In the original specification of the elimination-based algorithm, the entire permutation of $K$ is calculated explicitly beforehand. However, noticing that this permutation is just a sorting of the rows according to the original row $c$ in $E$ and the power $d$ of $M$, and that each application is on a much smaller instance (the first being only on $E$, the rest being on $R_{2^n}^*$), it is only necessary to calculate a permutation sorting the relevant submatrix each time.
For this reason, _krylov_row_coordinates is equipped with an optional parameter row_pairs that specifies the rows in the matrix to be permuted.
Optimisation of transpose of matrices over $\mathbb{F}_{2^n}$

The implementation of pivot_rows in Sage calculates the transpose of the given matrix by default. Unfortunately, the performance of calculating the transpose of a matrix over $\mathbb{F}_{2^n}$ was very slow, and for many other fields was also suboptimal.

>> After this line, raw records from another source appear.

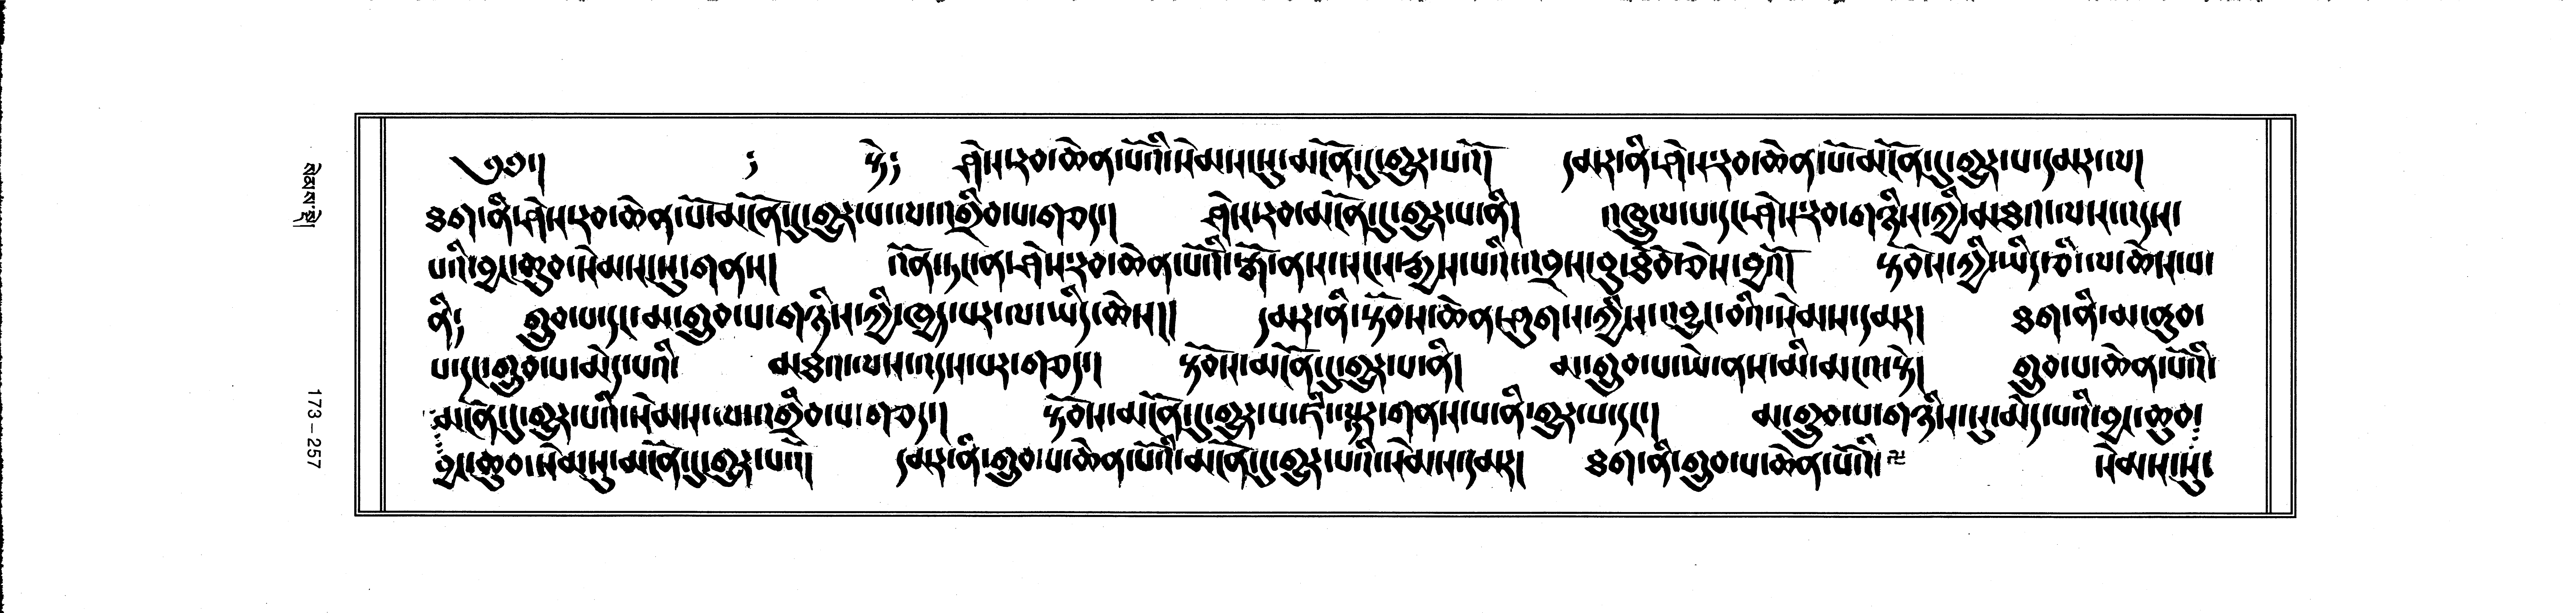སྟེ། ཤེས་རབ་ཆེན་པོ་སེམས་སུ་མངོན་དུ་གྱུར་པའོ། །དམར་ནི་ཤེས་རབ་ཆེན་པོ་མངོན་དུ་གྱུར་པ་དམར་ལ། 
ཐག་ནི་ཤེས་རབ་ཆེན་པོ་མངོན་དུ་གྱུར་པ་ལ་འགྲིབ་པ་གཅད། ཤེས་རབ་མངོན་དུ་གྱུར་པ་ནི། འཁྲུལ་པ་དང་ཤེས་རབ་གཉིས་ཀྱི་མཐའ་ལས་འདས་
པའི་བྱང་ཆུབ་སེམས་སུ་གནས འོན་ཏང་ན་ཤེས་རབ་ཆེན་པོའི་སྒོ་ནས་སངས་རྒྱས་པའི་འབྲས་བུ་ཐོབ་ཅེས་བྱའོ། །སྟོབས་ཀྱི་ཡིད་ཅི་ལ་ཆེས་པ་
ནི། གྲུབ་པ་དང་མ་གྲུབ་པ་གཉིས་ཀྱི་ཁྱད་པར་ལ་ཡིད་ཆེས། དམར་ནི་སྟོབས་ཆེན་ཤུགས་ཀྱིས་འབྱུང་བའི་སེམས་དམར། ཐག་ནི་མ་ནུབ་
པ་དང་གྲུབ་པ་མེད་པའི་མཐའ་ལས་འདས་པར་གཅད། སྟོབས་མངོན་དུ་གྱུར་པ་ནི། མ་གྲུབ་པ་ཡེ་ནས་མི་མངའ་སྟེ། གྲུབ་པ་ཆེན་པོའི་
བྱང་ཆུབ་སེམས་མངོན་དུ་གྱུར་པའོ། །དམར་ནི་གྲུབ་པ་ཆེན་པོའི་མངོན་དུ་གྱུར་པའི་སེམས་དམར། ཐག་ནི་གྲུབ་པ་ཆེན་པོའི་མངོན་དུ་
གྱུར་པའི་སེམས་ལ་འགྲིབ་པ་གཅད། སྟོབས་མངོན་དུ་གྱུར་པ་ནི་ཇི་ལྟར་གནས་པ་ནི་གྱུར་པ་དང་། མ་གྲུབ་པ་གཉིས་སུ་མེད་པའི་བྱང་ཆུབ་སེམས་སུ་

Default transpose (and matrix_from_*)

The generic transpose of a matrix in Sage involves copying each element
from $A_{i,j}$ to $B_{j,i}$. This by default involves two conversions:
matrix data to Sage object for the read, and Sage object to matrix data
for the write. A similar problem exists with matrix_from_rows,
matrix_from_columns, and matrix_from_rows_and_columns as they all
involve data copies. I have added a function copy_from_unsafe for this
purpose that skips these conversions, and replaced default transpose
and matrix_from_\* implementations with versions that make use of this
more optimised function.
The PR for this change is sagemath/sage#40435.

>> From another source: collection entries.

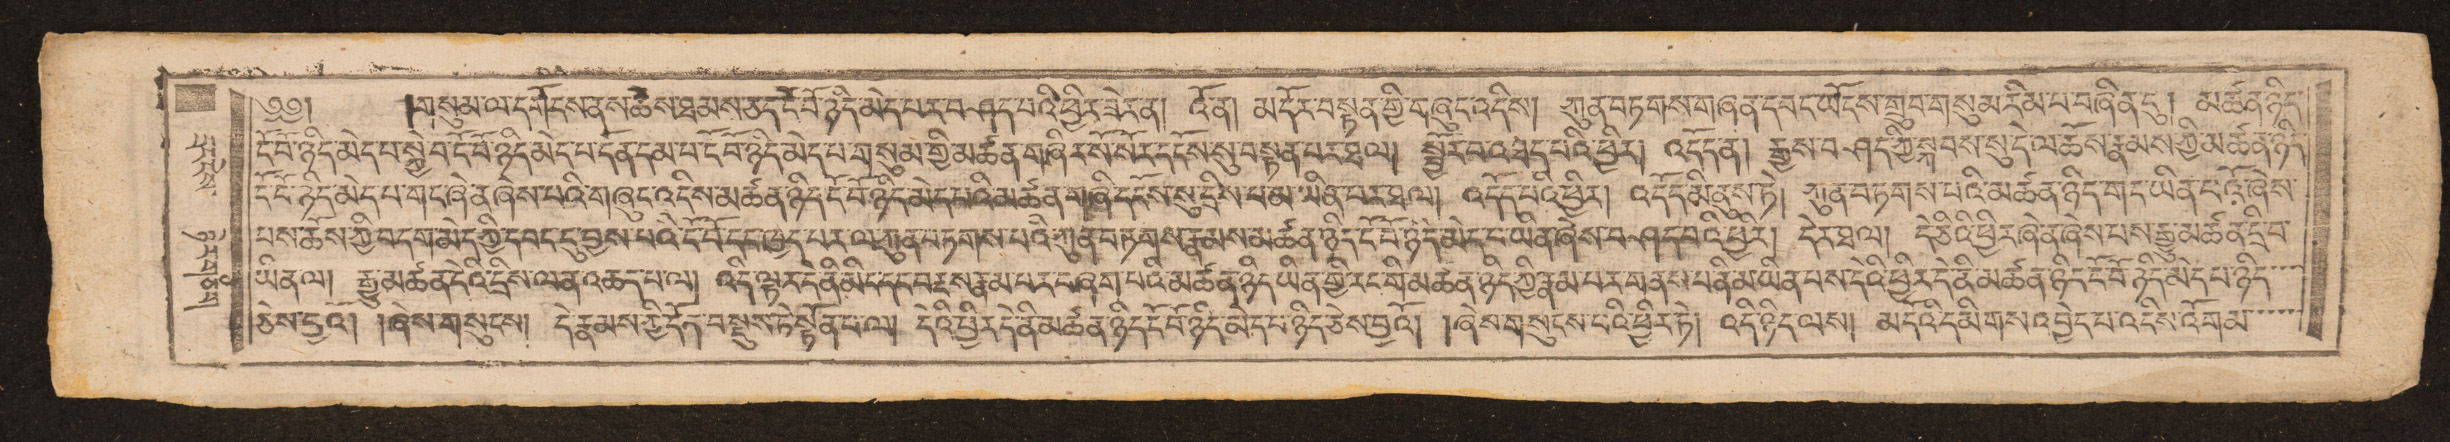༄༅། །གསུམ་ལ་དགོངས་ནས་ཆོས་ཐམས་ཅད་ངོ་བོ་ཉིད་མེད་པར་བཤད་པའི་ཕྱིར་ཟེར་ན། འོ་ན། མདོར་བསྟན་གྱི་གཞུང་འདིས། ཀུན་བཏགས་གཞན་དབང་ཡོངས་གྲུབ་གསུམ་རིམ་པ་བཞིན་དུ། མཚན་ཉིད་
ངོ་བོ་ཉིད་མེད་པ་སྐྱེ་བ་ངོ་བོ་ཉིད་མེད་པ་དོན་དམ་པ་ངོ་བོ་ཉིད་མེད་པ་གསུམ་གྱི་མཚན་གཞིར་སོ་སོར་དངོས་སུ་བསྟན་པར་ཐལ། སྦྱོར་བ་འཐད་པའི་ཕྱིར། འདོད་ན། རྒྱས་བཤད་ཀྱི་སྐབས་སུ་དེ་ལ་ཆོས་རྣམས་ཀྱི་མཚན་ཉིད་
ངོ་བོ་ཉིད་མེད་པ་གང་ཞེ་ན་ཞེས་པའི་གཞུང་འདིས་མཚན་ཉིད་ངོ་བོ་ཉིད་མེད་པའི་མཚན་གཞི་དངོས་སུ་དྲིས་པ་མ་ཡིན་པར་ཐལ། འདོད་པའི་ཕྱིར། འདོད་མི་ནུས་ཏེ། ཀུན་བཏགས་པའི་མཚན་ཉིད་གང་ཡིན་པའོ་ཞེས་
པས་ཆོས་ཀྱི་བདག་མེད་ཀྱི་དབང་དུ་བྱས་པའི་ངོ་བོ་དང་ཁྱད་པར་ལ་ཀུན་བཏགས་པའི་ཀུན་བཏགས་རྣམས་མཚན་ཉིད་ངོ་བོ་ཉིད་མེད་པ་ཡིན་ཞེས་བཤད་པའི་ཕྱིར། དེར་ཐལ། དེ་ཅིའི་ཕྱིར་ཞེ་ན་ཞེས་པས་རྒྱུ་མཚན་དྲི་བ་
ཡིན་ལ། རྒྱུ་མཚན་དེའི་དྲིས་ལན་འཆད་པ་ལ། འདི་ལྟར་དེ་ནི་མིང་དང་བརྡས་རྣམ་པར་བཞག་པའི་མཚན་ཉིད་ཡིན་གྱི་རང་གི་མཚན་ཉིད་ཀྱི་རྣམ་པར་གནས་པ་ནི་མ་ཡིན་པས་དེའི་ཕྱིར་དེ་ནི་མཚན་ཉིད་ངོ་བོ་ཉིད་མེད་པ་ཉིད་
ཅེས་བྱའོ། །ཞེས་གསུངས། དེ་རྣམས་ཀྱི་དོན་བསྡུས་ཏེ་སྟོན་པ་ལ། དེའི་ཕྱིར་དེ་ནི་མཚན་ཉིད་ངོ་བོ་ཉིད་མེད་པ་ཉིད་ཅེས་བྱའོ། །ཞེས་གསུངས་པའི་ཕྱིར་ཏེ། འདི་ཉིད་ལས། མདོའི་དམིགས་འབྱེད་པ་འདིས་འོག་མ་

Optimised transpose over $\mathbb{F}_{2^n}$

The transpose of matrices over $\mathbb{F}_2$ is much faster than what is possible copying each element one-by-one. I decided to analyse the implementation of matrices over $\mathbb{F}_{2^n}$ to see if a similar improvement could be made.

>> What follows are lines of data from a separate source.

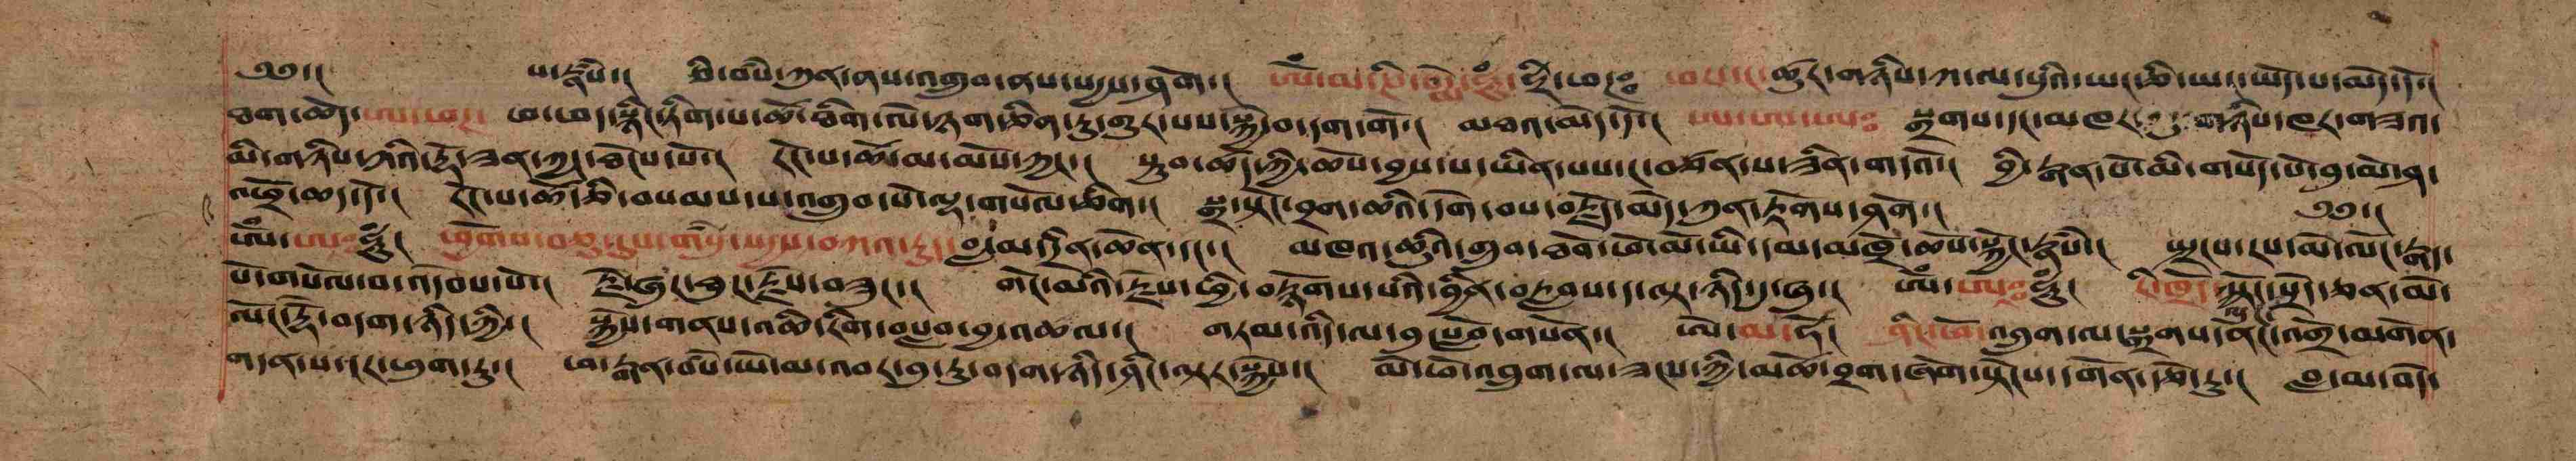༄༅། པ་རྣམས་། ཅི་བསམ་ཀུན་ནས་འགྲུབ་ནས་སངས་རྒྱས་ཤོག། ཨོྃ་མ་ཎི་པདྨེ་ཧཱུཾ་ཧྲི་ཕཌཿ ཕར་དང་ཚུར་གཉིས་ཀ་ལ་སུའི་ཡང་ཅི་ཡང་ཡོད་པ་མེད་དོ། 
ཐག་ཆོད་ཨ་ཕཌཿ ཕ་ཕད་སྙིང་རིག་པ་ཚེ་ཐིག་ལེ་ཉག་གཅིག་ཏུ་གྱུར་པས་སྐྱེ་བ་དག་གོ་། མཐའ་མེད་དོ་། ཨ་ཨ་ཨཿ སྒྲགས་དང་མཁར་འདུ་གཉིས་ཁར་གཟའ་
མི་གཉིས་ཀའི་རྡོ་ཟན་ཀྱང་ཐོངས་སོ། རིང་པ་ཚེ་མ་མོས་ཀྱང་། སྟུབ་ཚད་ཀྱི་ཆོས་བྱས་པ་ཡིན་པས་ང་བཙན་ས་ཟིན་གདའོ། བྱི་རྒན་པོ་གསོད་པོ་བུ་མོ་ཤ་
འཕྲོ་ཆད་དོ་། རེང་པ་ཚེ་ཅི་བསམས་པ་འགྲུབ་པོ་ལྷ་གསོལ་ཅིག། སྒྲ་སྟོང་བྲག་ཆའི་དགེ་བས་བརྗོད་མེད་ཀུན་རྟོགས་ཤོག།༄༅་། 
ཨོཾ་ཨཱ་ཧཱུཾ། ཕྱོགས་བཅུ་དུས་གསུམ་སངས་རྒྱས་བཀའ་རྒྱུད་བླ་མ་དྲིན་ཆེན་དང་། མཁའ་ཆུའི་གྲུབ་ཐོབ་ཕོ་མོ་ཡི་དམ་མཁའ་འགྲོ་ཆོས་སྐྱོང་རྣམས། སྤྲངས་ངས་མེ་ལོང་རྒད་
པོ་གསོལ་བ་འདེབས་སོ། རྗེ་ཞུང་ཐུགས་རྗེས་བཟུང་། གོང་མའི་རྗེས་ཕྱི་བརྙོགས་པའི་བྱིན་བརླབས་ད་ལྟ་ཉིད་དུ་ཞུ། ཨོཾ་ཨཱཿ ཧཱུཾ། རི་ཁྲོད་ལུང་སྟོང་སྲོད་ཅན་མེ་
ལོང་རྡོ་རྗེ་བདག་ཉིད་ཀྱི། སྐྱེས་གནས་འཆི་རིག་བསླབ་བྱ་འཚལ། གཏམ་འདི་ལ་བུ་སློབ་གསོན། ཨེ་མ་ཧོ། ཤིང་ཕོ་འབྲུག་ལ་སྒྲགས་ནང་འགྲོ་མགོན་
གདན་ས་ངར་ཕུག་ཏུ། ཕ་རྒན་བསམ་ཡོ་མ་འབར་བུ་རུ་བདག་ཉིད་ཤིང་ལྟར་སྐྱེས། མེ་ཕོ་འབྲུག་ལ་ཟངས་ཀྱི་མཚེ་བྲག་ཞོག་སྟོངས་དགོན་རྩེ་རུ། བླ་མ་བདེ་

Matrices over $\mathbb{F}_{2^n}$ are represented in memory by the M4RIE library as matrices over $\mathbb{F}_2$, with each entry being stored horizontally, and padded to take up a number of bits dividing the word length $64$, with the each row padded to a multiple of $64$ bits. For example, the following matrix (over $\mathbb{F}_{32}$)
$$\begin{bmatrix}
    x^4 + x^2 & 1 & x^2 + x + 1 & x^3 + x \\\
    x^3 + x & x^2 + x & x^2 + 1 & x^4 + 1 \\\
    x^2 & x^3 + x^2 + x + 1 & x^2 + 1 & x^3 + x \\\
    x^4 + x^3 + x^2 + x + 1 & 0 & x^3 + x + 1 & x^2 + 1
    \end{bmatrix}$$
is represented in memory as
$$\begin{bmatrix}
    \texttt{\textcolor{red}{00101}000 \textcolor{red}{10000}000 \textcolor{red}{11100}000 \textcolor{red}{01010}000 00000000 00000000 00000000 00000000} \\\
    \texttt{\textcolor{red}{01010}000 \textcolor{red}{01100}000 \textcolor{red}{10100}000 \textcolor{red}{10001}000 00000000 00000000 00000000 00000000} \\\
    \texttt{\textcolor{red}{00100}000 \textcolor{red}{11110}000 \textcolor{red}{10100}000 \textcolor{red}{01010}000 00000000 00000000 00000000 00000000} \\\
    \texttt{\textcolor{red}{11111}000 \textcolor{red}{00000}000 \textcolor{red}{11010}000 \textcolor{red}{10100}000 00000000 00000000 00000000 00000000}
    \end{bmatrix}$$
and its transpose as
$$\begin{bmatrix}
    \texttt{\textcolor{red}{00101}000 \textcolor{red}{01010}000 \textcolor{red}{00100}000 \textcolor{red}{11111}000 00000000 00000000 00000000 00000000} \\\
    \texttt{\textcolor{red}{10000}000 \textcolor{red}{01100}000 \textcolor{red}{11110}000 \textcolor{red}{00000}000 00000000 00000000 00000000 00000000} \\\
    \texttt{\textcolor{red}{11100}000 \textcolor{red}{10100}000 \textcolor{red}{10100}000 \textcolor{red}{11010}000 00000000 00000000 00000000 00000000} \\\
    \texttt{\textcolor{red}{01010}000 \textcolor{red}{10001}000 \textcolor{red}{01010}000 \textcolor{red}{10100}000 00000000 00000000 00000000 00000000}
    \end{bmatrix}$$
. By using reading and writing (__mzd_read_bits and
__mzd_write_bits) one $64$-bit word at a time, and using bit
manipulation to move the data from each word read into the appropriate place
in the write buffer, I was able to get the performance of the
$\mathbb{F}_{2^n}$ transpose down to ~2x the CPU cycles per bit as
$\mathbb{F}_2$ of similar size in memory, compared to ~9-23x for the
naive transpose.
The PR for this change in M4RIE is malb/m4rie#8. As of writing this, the change has been accepted into M4RIE but not yet into Sage.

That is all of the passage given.